Food for thought in climate change

Food for thought in climate change
The prolonged drought in 1996, due to the El Nino weather phenomenon, had ruined Indonesia's agricultural production for two years.

Given my ignorance of climatology and the earth sciences in general, I have always found the climate change debate a little too hot to handle. It has become, as one of my friends puts it, the ideological equivalent of the old battle between Marxism versus capitalism.

But now that I've decided to dip my toe in, I have to say that what really bothers me is this: What if the naysayers are dead wrong and the process - perhaps over the next few decades or another century - arrives at the point where it is, in fact, too late to reverse.

Who will be able to say: "I told you so?" Worse than that, Fox Television's right-wing ranter Sean Hannity, someone I watch occasionally for a dose of horrid fascination, will go to his grave still thinking he was right, like all the other neo-cons.

No one who knows me would call me a liberal. But I do believe the climate is changing in very strange ways. I am reminded of that once again as I sit here with monsoonal rain pounding down in the middle of the so-called dry season.

That's why my attention was drawn to a new study, published in the journal Nature Geoscience, in which American, Indonesian and Australian scientists say the picture is not encouraging.

The 10-year study shows that the current pushing warm waters from the Western Pacific into the Indian Ocean through the Indonesian archipelago's network of often narrow straits is acting differently and could transform the climate in both ocean basins as a result.

What makes all this interesting is the Indonesian seas are the only tropical location in the world where two oceans interact in this manner, with the throughflow playing a role in everything from Indian monsoons to the El Nino Southern Oscillation (ENSO) weather phenomenon.

The main inflow passage through the archipelago is the broad Makassar Strait, which separates Borneo from Sulawesi. Some water then goes on to enter the Indian Ocean through the Lombok Strait, between Lombok and Bali, while the bulk flows east through the Banda Sea and out through the Ombai Strait and Timor Passage.

Secondary portals channel water from the Western Pacific into the Sibutu Passage, which connects the Sulawesi Sea to the Philippines' Sulu Sea, and from the South China Sea via the Karimata Strait, north of Singapore.

According to the scientists, the so-called Indonesian Throughflow (ITF) linking the Pacific Ocean to the Indian Ocean is acting differently because of climate changes.
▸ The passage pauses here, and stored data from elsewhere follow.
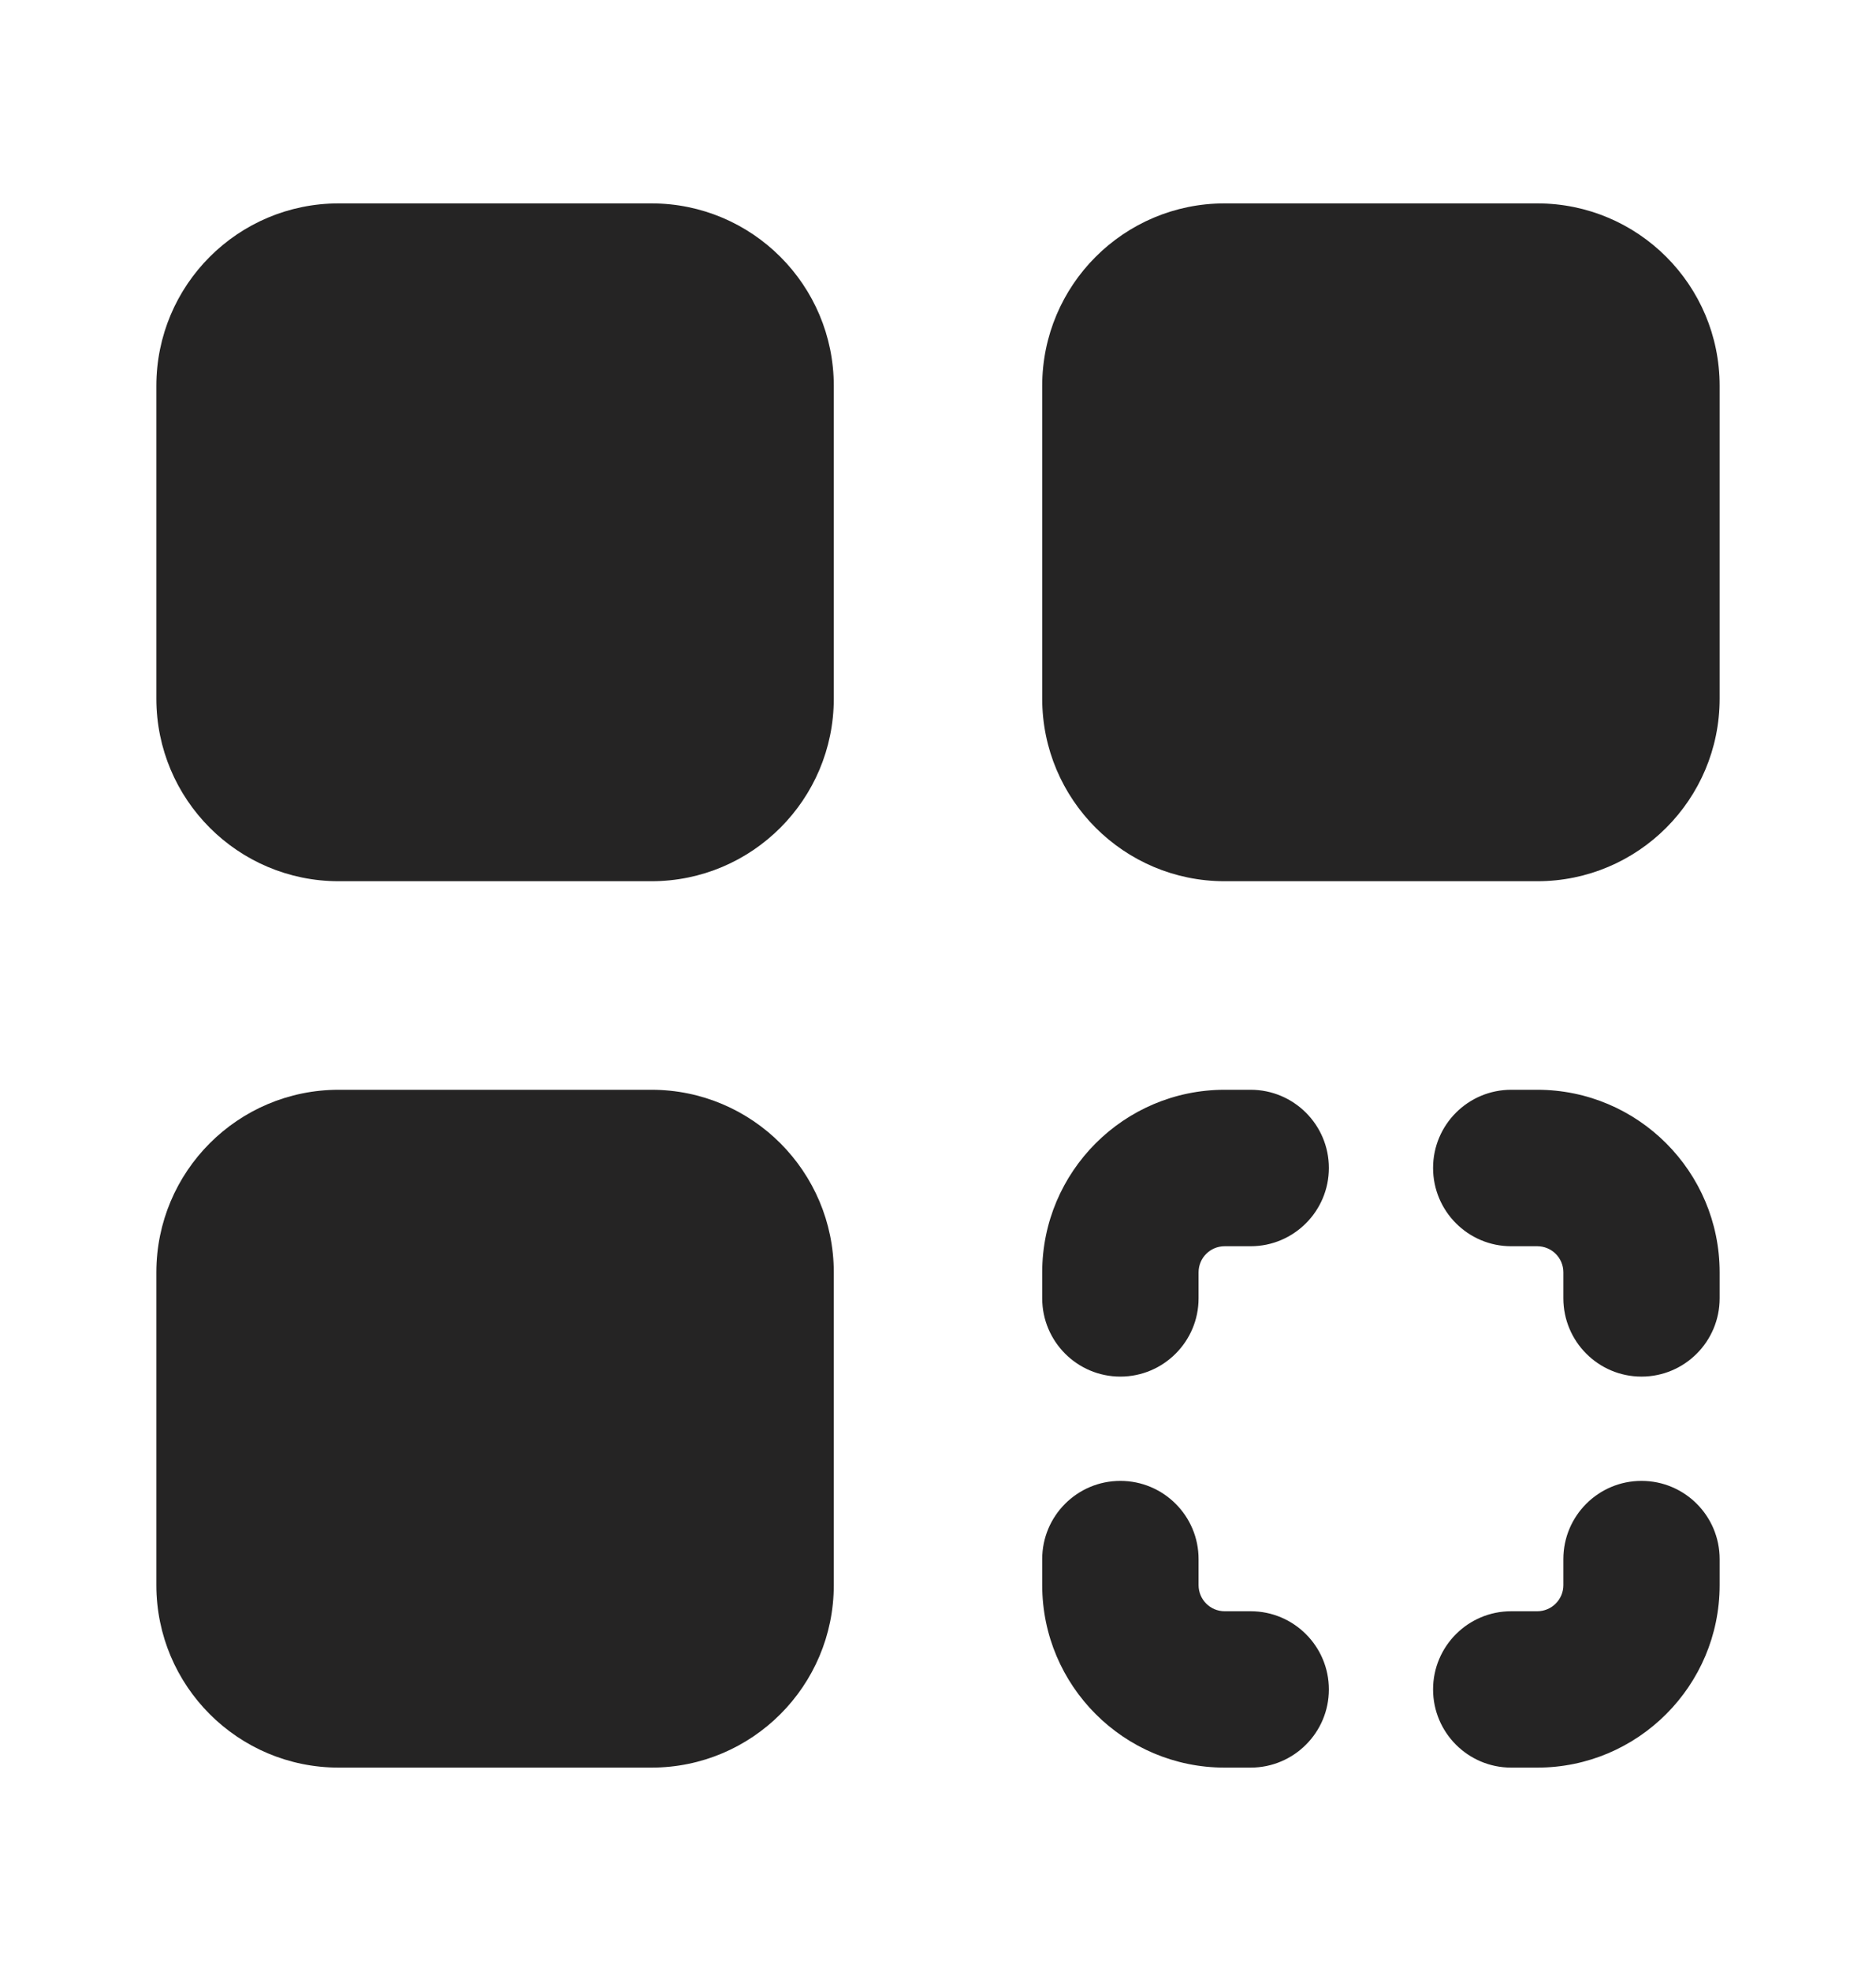 <svg width="20" height="21" viewBox="0 0 20 21" fill="none" xmlns="http://www.w3.org/2000/svg">
<path d="M6.945 2.167H3.611C2.537 2.167 1.667 3.037 1.667 4.111V7.444C1.667 8.518 2.537 9.389 3.611 9.389H6.945C8.018 9.389 8.889 8.518 8.889 7.444V4.111C8.889 3.037 8.018 2.167 6.945 2.167Z" fill="#252424"/>
<path d="M6.945 11.611H3.611C2.537 11.611 1.667 12.482 1.667 13.556V16.889C1.667 17.963 2.537 18.833 3.611 18.833H6.945C8.018 18.833 8.889 17.963 8.889 16.889V13.556C8.889 12.482 8.018 11.611 6.945 11.611Z" fill="#252424"/>
<path d="M16.389 2.167H13.056C11.982 2.167 11.111 3.037 11.111 4.111V7.444C11.111 8.518 11.982 9.389 13.056 9.389H16.389C17.463 9.389 18.333 8.518 18.333 7.444V4.111C18.333 3.037 17.463 2.167 16.389 2.167Z" fill="#252424"/>
<path d="M11.944 14.667C12.404 14.667 12.778 14.293 12.778 13.833V13.556C12.778 13.402 12.902 13.278 13.056 13.278H13.333C13.793 13.278 14.167 12.904 14.167 12.444C14.167 11.984 13.793 11.611 13.333 11.611H13.056C11.983 11.611 11.111 12.483 11.111 13.556V13.833C11.111 14.293 11.484 14.667 11.944 14.667Z" fill="#252424"/>
<path d="M13.056 18.833H13.333C13.793 18.833 14.167 18.46 14.167 18C14.167 17.54 13.793 17.167 13.333 17.167H13.056C12.902 17.167 12.778 17.042 12.778 16.889V16.611C12.778 16.151 12.404 15.778 11.944 15.778C11.484 15.778 11.111 16.151 11.111 16.611V16.889C11.111 17.961 11.983 18.833 13.056 18.833Z" fill="#252424"/>
<path d="M17.5 15.778C17.04 15.778 16.667 16.151 16.667 16.611V16.889C16.667 17.042 16.542 17.167 16.389 17.167H16.111C15.651 17.167 15.278 17.54 15.278 18C15.278 18.46 15.651 18.833 16.111 18.833H16.389C17.461 18.833 18.333 17.961 18.333 16.889V16.611C18.333 16.151 17.96 15.778 17.5 15.778Z" fill="#252424"/>
<path d="M16.389 11.611H16.111C15.651 11.611 15.278 11.984 15.278 12.444C15.278 12.904 15.651 13.278 16.111 13.278H16.389C16.542 13.278 16.667 13.402 16.667 13.556V13.833C16.667 14.293 17.04 14.667 17.5 14.667C17.96 14.667 18.333 14.293 18.333 13.833V13.556C18.333 12.483 17.461 11.611 16.389 11.611Z" fill="#252424"/>
</svg>

The strongest currents have become shallower and faster.

That suggests to them that human-caused climate change could worsen the effects of El Nino and its wet sister, La Nina, which are arriving with increasing frequency. The changes also affect what nutrients get delivered to marine organisms in the region and in what quantity.

The 1990s in Indonesia were characterised largely by sustained El Nino conditions - particularly towards the end of the decade - which then changed to large swings between El Nino and La Nina conditions in the 2000s.

Indonesians will remember La Nina during 2010-2011, when the cooling of the Pacific meant they did not have a dry season at all. So will people in hapless Queensland, which was deluged with rain for eight straight months and saw the worst flooding on record.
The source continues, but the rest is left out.